Грузчики между тем перекуривали и поглядывали на нас с тяжелым презрением. Видимо, мы в их глазах были расовыми предателями и наше веселье усугубляло их горечь необходимости прислуживать чернокожему.

Есть у Алешковского повесть «Маскировка». Выдумана она так: убогая советская действительность на одной шестой земной поверхности оказывается маскировкой, скрывающей подлинную, подземную, жизнь: «Как спутник американский пролетает над Старопорховым, так у наших гастрономов очереди выстраиваются, вроде бы мясо, масло и колбасу дают, автобус переваливается по колдоебинам, пионерчики маршируют, поют песни про вечно живого Ильича, грузины гвоздику продают, бляди куда-то бегут за дубленками, в парках драки, в баньках парятся, театры, конечно, танцульки – одним словом, видимость жизни заделывается, маскировка…» И т. д., и т. п. – полсотни страниц повести Алешковского, «бедной, жестокой, скотской и краткой», как жизнь проглоченного гоббсовым левиафаном человека. Как старомодный читатель, я не могу не сопереживать эту жизнь с пьяными, глупыми, добрыми, жалкими персонажами «Маскировки». До слез жалко Дуську, которой не досталось трескового филе.

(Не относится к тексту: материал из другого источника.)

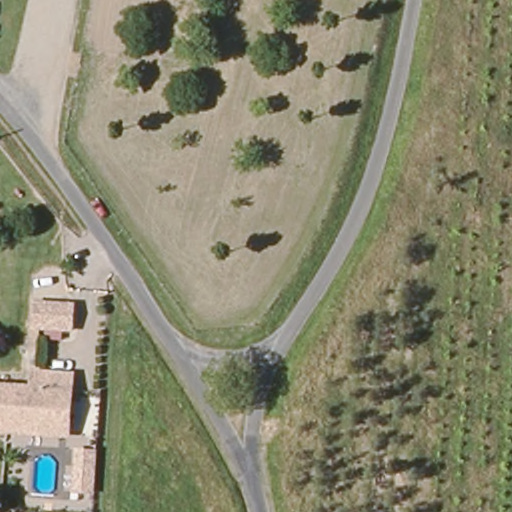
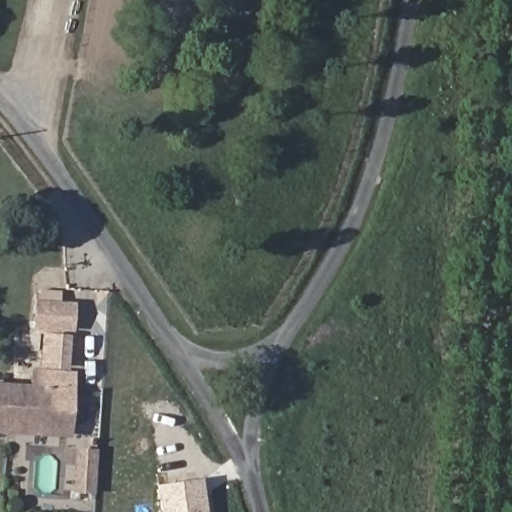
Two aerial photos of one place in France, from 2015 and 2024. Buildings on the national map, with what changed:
unchanged [(72,304),(71,330),(33,328),(34,302),(72,304)]
unchanged [(0,430),(0,386),(35,387),(37,371),(76,373),(75,390),(73,433),(57,432),(20,431),(0,430)]
new [(79,450),(97,451),(94,491),(76,490),(79,450)]
new [(202,478),(207,512),(161,512),(157,485),(202,478)]

Исключительность Юза – не просто в дивной энергии его поэтической речи, а в добродушии, душевной доброте, Доброте Души.


«Тот самый Юз»,

«Литературная газета», 7 ноября 1999 г.

Все идет Юзом




Лев Рубинштейн

Вспоминать о нем вообще всегда весело. А тут повод. Хороший повод, побольше бы таких. Существует такая премия, премия имени Пушкина, иначе называемая премией Фонда Альфреда Топфера. Это немецкая премия, присуждаемая русским писателям. Так иногда бывает. На днях в московском Доме журналиста ее вручили в тринадцатый раз. Вручили Юзу Алешковскому.

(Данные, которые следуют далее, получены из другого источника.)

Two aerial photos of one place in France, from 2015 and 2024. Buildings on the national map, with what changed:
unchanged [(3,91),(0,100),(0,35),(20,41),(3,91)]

В домжуре играл камерный ансамбль, произносились – по-русски и по-немецки – речи. Цветы, президиум. Все как всегда. Но нет, что-то было не так, что-то странным образом сопротивлялось безнадежному в своей основе юбилейно-премиальному жанру. Почему-то не так мучительно хотелось выйти покурить, как это бывает обычно. Какая-то необременительность была во всем. Речи были не длинны и вполне уместны. В зале спонтанно возникали какие-то обаятельно-нелепые мизансцены. Отключался и включался микрофон. Кто-то путал какие-то бумажки. Чей-то мобильник безустанно играл «Синий платочек». Веселая чушь. Кто-то рядом со мной сказал: «Все идет Юзом».

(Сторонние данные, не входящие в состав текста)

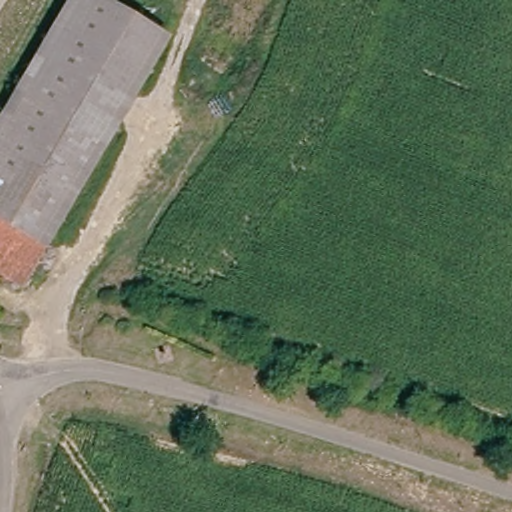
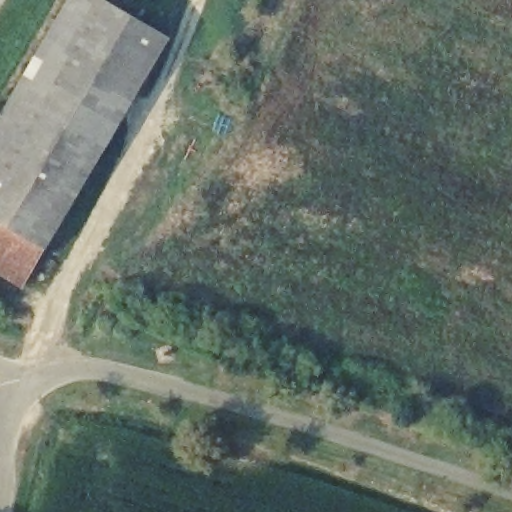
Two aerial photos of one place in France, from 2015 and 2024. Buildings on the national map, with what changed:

Юз Алешковский из числа тех авторов 60-70-х годов, кто не то чтобы даже не хотел, а просто органически не мог дышать пыльным и кислым воздухом учреждения, называемого «советской литературой». Это не всегда был сознательный выбор. Просто кто-то мог, а кто-то не мог. Служащие этого учреждения, то есть советские писатели, подразделялись на тех, для кого цензура была как мать родная (их называли «соцреалистами»), и других (которые «прогрессивные», то есть будущие прорабы перестройки), которые вступали с цензурой в сложные и лукавые отношения, вследствие чего возникла особая эстетика, позже названная «эзоповской». Суть этой эстетики была в том, что искусство, в сущности, сводилось к искусству обманывать начальство. Попадались в этом деле подлинные виртуозы. Нехорошо это, по-моему, нечестно. Партия и правительство доверили тебе быть писателем, а ты вон чего делаешь. Ай, как некрасиво. Но это ладно, это тема отдельная, да и не актуальная уже теперь. Или пока еще не актуальная. Посмотрим. Несоветских писателей при разной, мягко говоря, степени одаренности объединяло одно: «Никакой цензуры для меня быть не может». Эту ситуацию каждый решал так, как понимал, и так, как умел. Каждый нарушитель конвенции нарушал ее по-своему. Кто-то окунался в поэтику абсурда, кто-то впадал в архаику, богоискательство, мистицизм, кто- то занялся выяснением отношений с языком.